Covey often told a story to illustrate the wisdom of this habit:

Imagine for a moment that you’re trying to fell a tree. You’re sawing through this huge, thick tree trunk. Back and forth, back and forth you pull the heavy saw. You’ve been laboring at it all day long. You’ve hardly stopped for a minute. You’ve been working and sweating, and now you’re about halfway through. But you’re feeling so tired that you don’t see how you’re going to last another five minutes. You pause for a minute to catch your breath.

You look up and see another person a few yards away who has also been sawing a tree. You can’t believe your eyes! This person has sawed almost completely through his tree trunk! He started about the same time you did and his tree is about the same size as yours, but he stopped to rest every hour or so while you kept working away. Now he’s almost through, and you’re only halfway there.

“What’s going on?” you ask incredulously. “How in the world have you gotten so much more done than I have? You didn’t even stay with it all the time. You stopped to rest every hour! How come?”
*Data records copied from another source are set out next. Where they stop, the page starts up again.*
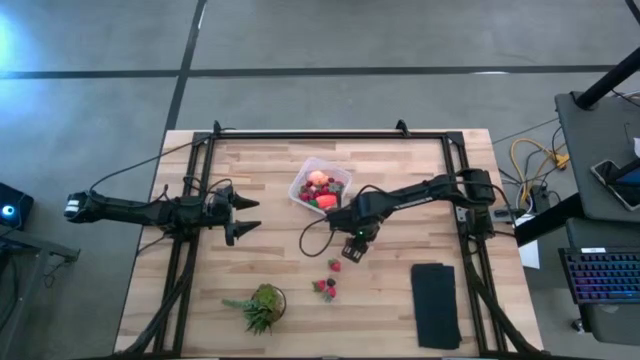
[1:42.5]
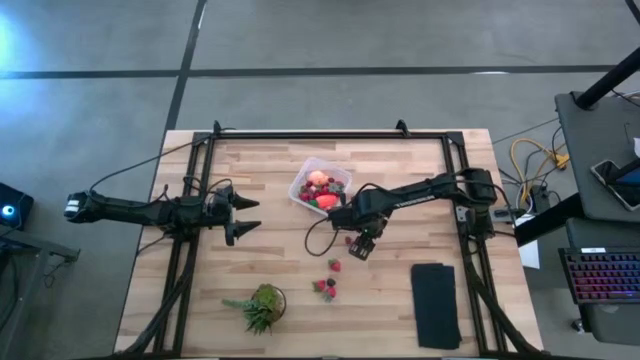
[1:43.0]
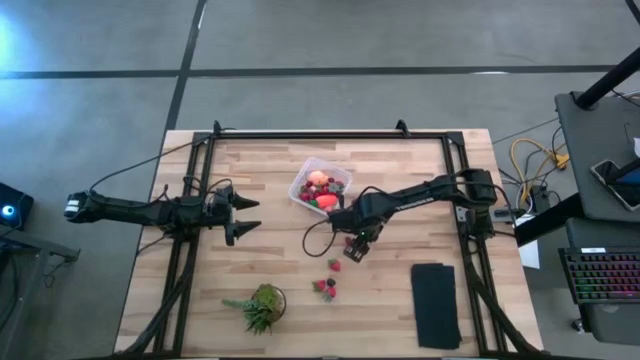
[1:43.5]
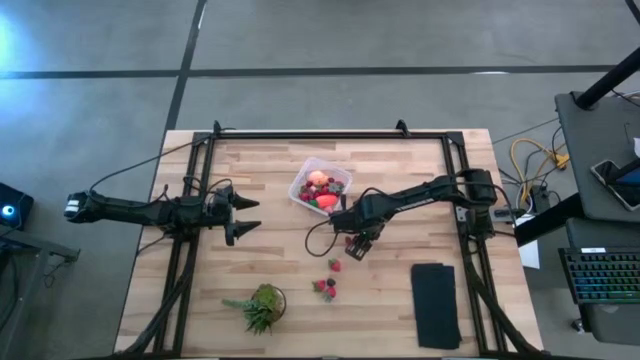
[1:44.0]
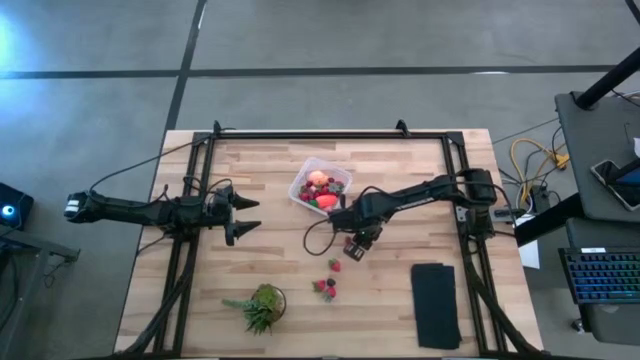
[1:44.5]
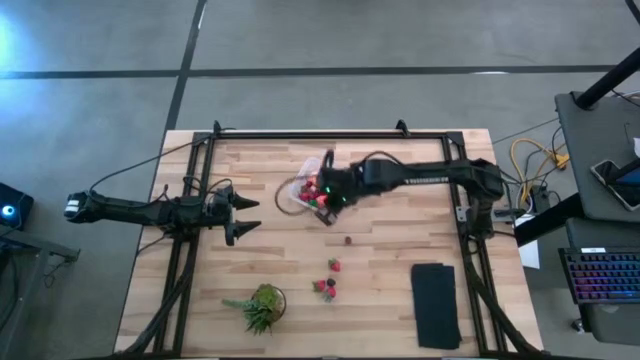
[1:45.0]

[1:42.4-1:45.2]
Task: Pick and placing Produce into tupperware
Put the pink peach into the transparent bin

The man turns and smiles. “Yes,” he replies. “You saw me stop every hour to rest, but what you didn’t see was that every time I rested, I also sharpened the saw!”

Everyone who hears that simple story can see the wisdom of the plan. Of course, it makes more sense to be sure our tools are sharp. Of course, more effort doesn’t necessarily mean greater success. Of course, we won’t be as productive if we don’t take time to intentionally sharpen ourselves for God’s use. But we still often live as if we will.
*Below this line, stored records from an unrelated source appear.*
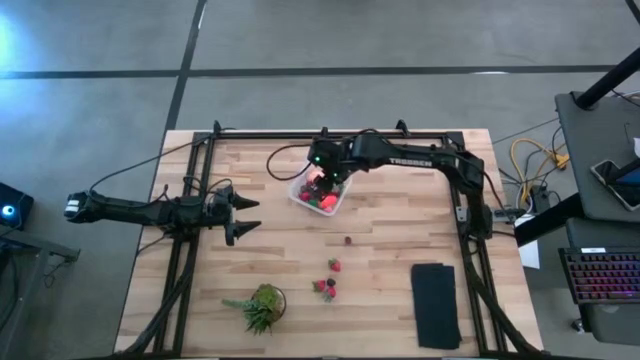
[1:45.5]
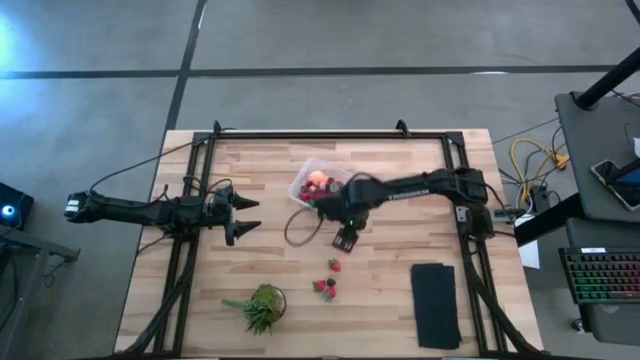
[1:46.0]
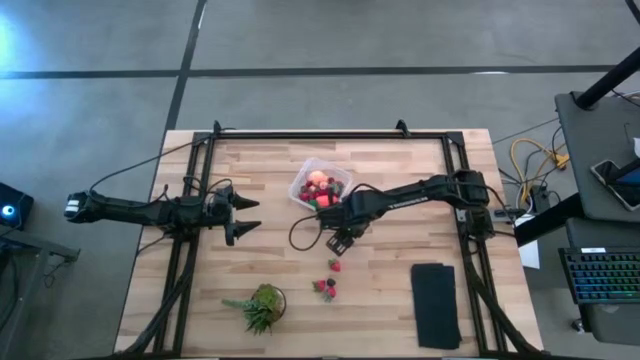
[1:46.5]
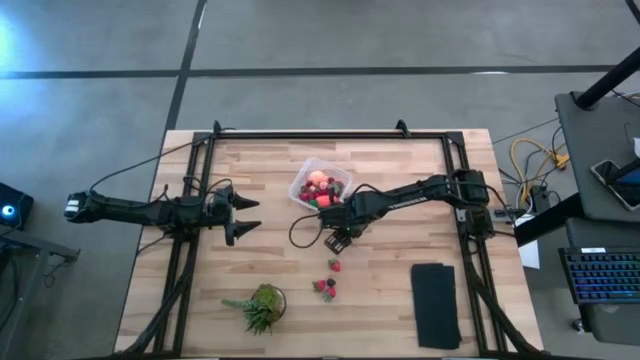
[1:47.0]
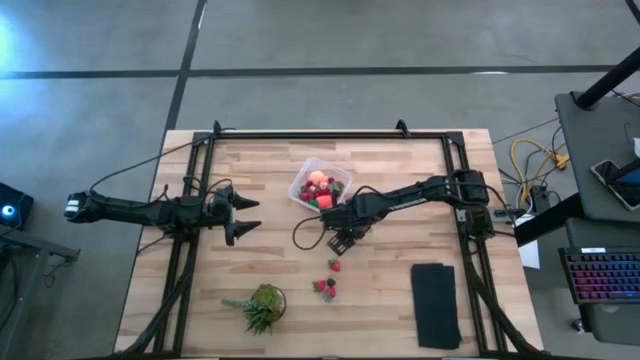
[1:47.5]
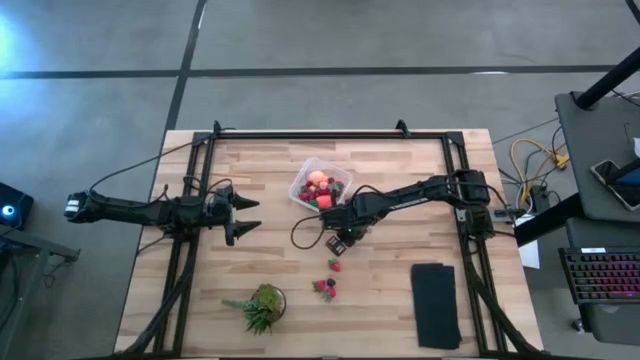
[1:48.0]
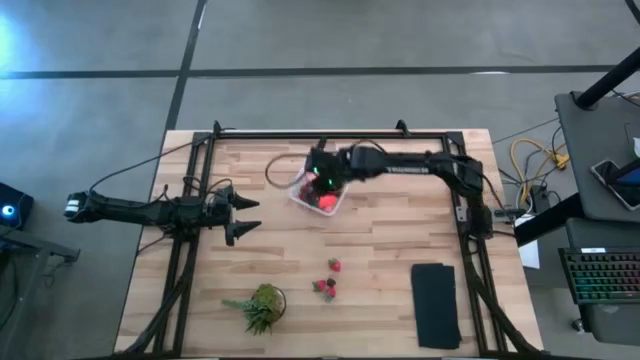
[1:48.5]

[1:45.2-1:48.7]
Put the red cherry into the transparent bin

Is It Biblical to Sharpen the Saw?

Covey noted that the law of entropy governs the universe. Consequently, everything left to itself runs down. The Bible certainly supports that claim. A a result of the Fall, everything was plunged into death. Even creation itself feels the impact of our rebellious ways.  Solomon tells this story to make the point:

I passed by the field of a sluggard, by the vineyard of a man lacking sense, and behold, it was all overgrown with thorns; the ground was covered with nettles, and its stone wall was broken down. (Prov. 24:30-31 ESV)

Without patient care and diligent labor, the lazy man’s house soon looks like a service project waiting to happen. Solomon later added, “Know well the condition of your flocks, and give attention to your herds.” (Prov. 27:23 ESV) Implicit in this command is the understanding that if you don’t give them careful maintenance, your flocks (resources) will scatter — or worse.

Using the four areas of life that Stephen Covey used, we quickly see much obvious alignment with this habit and Scripture:

  • Physical. Exercising regularly and eating healthy foods to help keep you near your physical peak could only position you for greater service for Christ. The Bible says bodily exercise profits little compared to spiritual things — but it does profit. Let’s face it, when we’re not in shape physically we’re more prone to sleep through ministry opportunities than to seize them for Kingdom work.
  • Social. Building deep friendships, cultivating family relationships, and serving others all fit the description Covey gives for thus practice. As we’ve touched on in previous posts, we more fully reflect the image of God when we engage in relationship. And serving others? I’d have to quote half the Bible.
  • Mental. “In the beginning was the Word [Logic]” John opens his account of the life of Christ with this statement that the logos, or ultimate thought, is God. As an intellectually oriented fellow, I enjoy thinking about that one — no surprise there. We cultivate this area by reading, thinking, reflecting, planning — all topics we’ve touched on before in this series for Scriptural support.
  • Spiritual. Prayer, Scripture reading, meditating on the thoughts of others — Ok. That’s the easiest one yet. In my life, that take the form of daily time doing all of those each morning, long before anyone else is stirring. I’ve made it a habit — one that I must continually guard to keep it from slipping away.

The Question for You

The questions is are you being intentional about scheduling these vital renewal practices into your day, week, and month? Or are you allowing the tyranny of the urgent (Quadrant 1 activities) to rule your life?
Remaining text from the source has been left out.